Currently, Romey is also an instructor for the National Institute of Trial Advocacy (NITA), providing nationwide training in tax litigation, conducting online proceedings, deposition skills and trial advocacy.
She has served on the faculty and as the Director of the Litigation Center at Golden Gate University School of Law and taught as an adjunct professor at Hastings College of Law and the University of Santa Clara College of Law. Her most recent publication is “No More Document Dumps or Secret Subpoenas: Amending the U.S. Tax Court Rules to Conform to the Federal Rules of Civil Procedure, Streamlining Pretrial Discovery, 4 BUS. ENTREPRENEURSHIP & TAX LAW REVIEW 107 (2020).
She earned her B.A. in Law & Society from the University of California Santa Barbara and her JD from the University of San Diego School of Law, where she also earned an LL.M.
Professor Erin A. Kenny
Kenny comes to Campbell Law from practicing Military Justice/Criminal Law Administration for the Air Force Sustainment Center. She has served as a Judge Advocate (JAG) in
Kenny has more than a decade of experience explaining legal concepts to clients, military leaders, service members and foreign partners in varied legal practice, that includes criminal law, litigation, international law, cyber law, family law, government ethics and national security law.

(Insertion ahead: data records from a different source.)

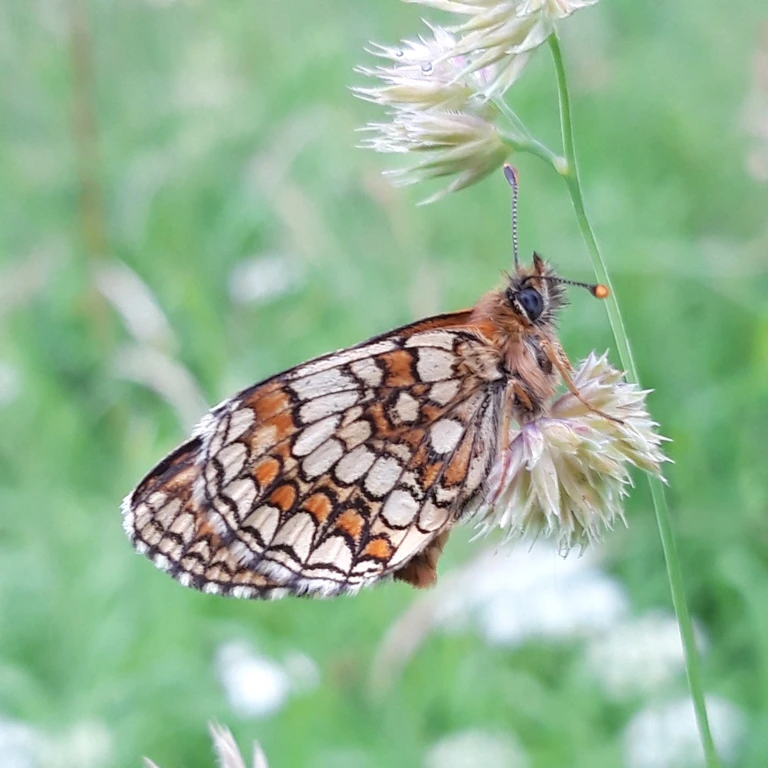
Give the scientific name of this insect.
Melitaea athalia
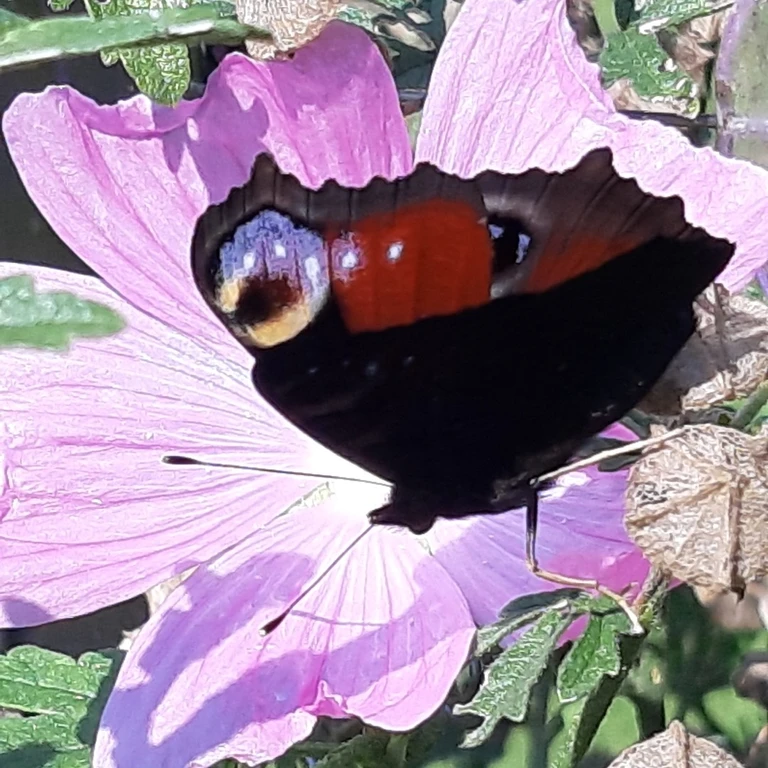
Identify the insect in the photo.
Aglais io
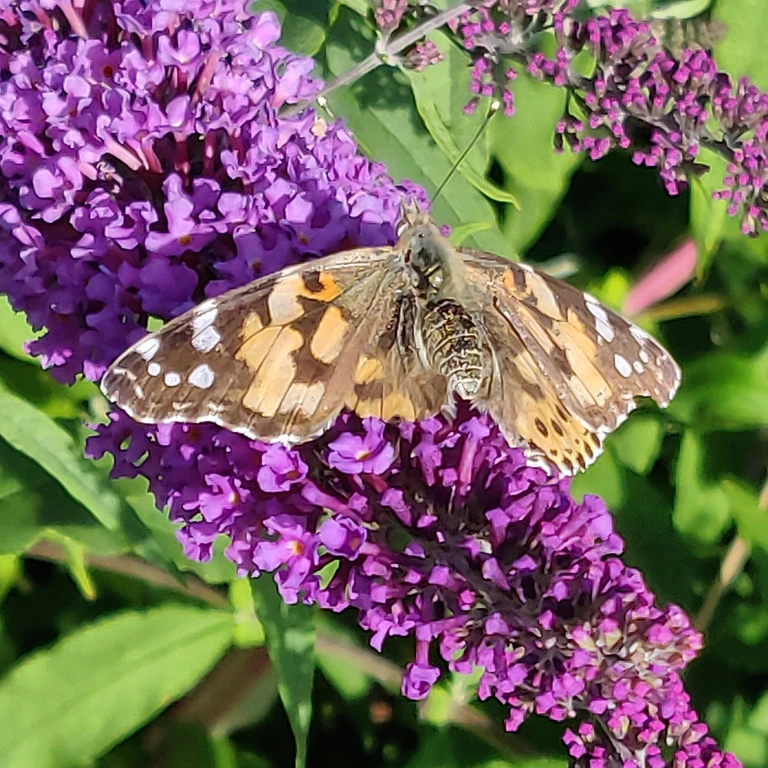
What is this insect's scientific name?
Vanessa cardui
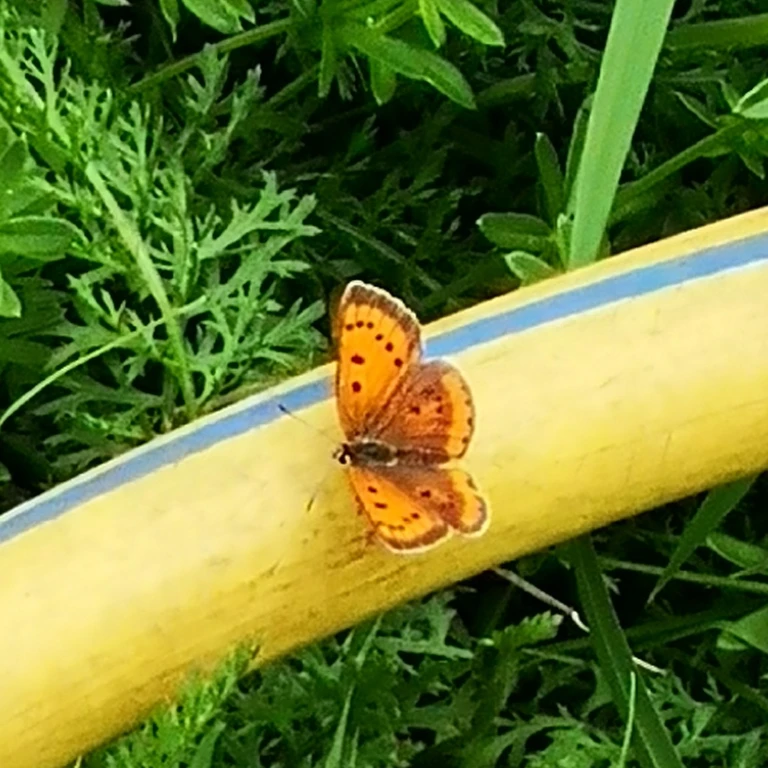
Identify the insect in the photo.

Kenny earned her B.A. in psychology and Spanish from Ohio Northern University, her Juris Doctor from New England School of Law, and her LL.M in Military Law/National Security Law from the Army Judge Advocate General’s School.
Professor Nicole Ligon
Ligon is visiting from Duke Law School, where she is a Clinical Professor of Law and the Supervising Attorney of the First Amendment Clinic. In addition to teaching and supervising students in the First Amendment Clinic, she teaches Media Law and Entertainment Law.
Ligon’s scholarship has appeared or is forthcoming in print and online law reviews including New York University Law Review, University of Illinois Law Review and the Northwestern Law Review. Her research and writing focus on cutting edge issues in the media law and policy space, including social media regulation and defamation law. Ligon has also guest lectured on First Amendment law in the Summer Institute for Law, Language & Culture (SILLC) and undergraduate workshops.
Ligon is a member of the Legal Network for Gender Equity, where she assists individuals seeking guidance on speaking openly and publicly about their experiences with sexual harassment while shielding against defamation concerns. Before joining Duke Law, Ligon was an attorney with Cahill Gordon & Reindel in New York City. Ligon earned her J.D. from Duke University School of Law, where she served as a Notes Editor for the Duke Law Journal, and her B.A. from Emory University. She is licensed to practice law in New Jersey, New York, North Carolina, and South Carolina.
ABOUT CAMPBELL LAW
Since its founding in 1976, Campbell Law has developed lawyers who possess moral conviction, social compassion and professional competence, and who view the law as a calling to serve others. Among its accolades, the school has been recognized by the American Bar Association (ABA) as having the nation’s top Professionalism Program and by the American Academy of Trial Lawyers for having the nation’s best Trial Advocacy Program. Campbell Law boasts more than 4,600 alumni, who make their home in nearly all 50 states and beyond. In 2021, Campbell Law celebrated 45 years of graduating legal leaders and 12 years of being located in a state-of-the-art facility in the heart of North Carolina’s Capital City.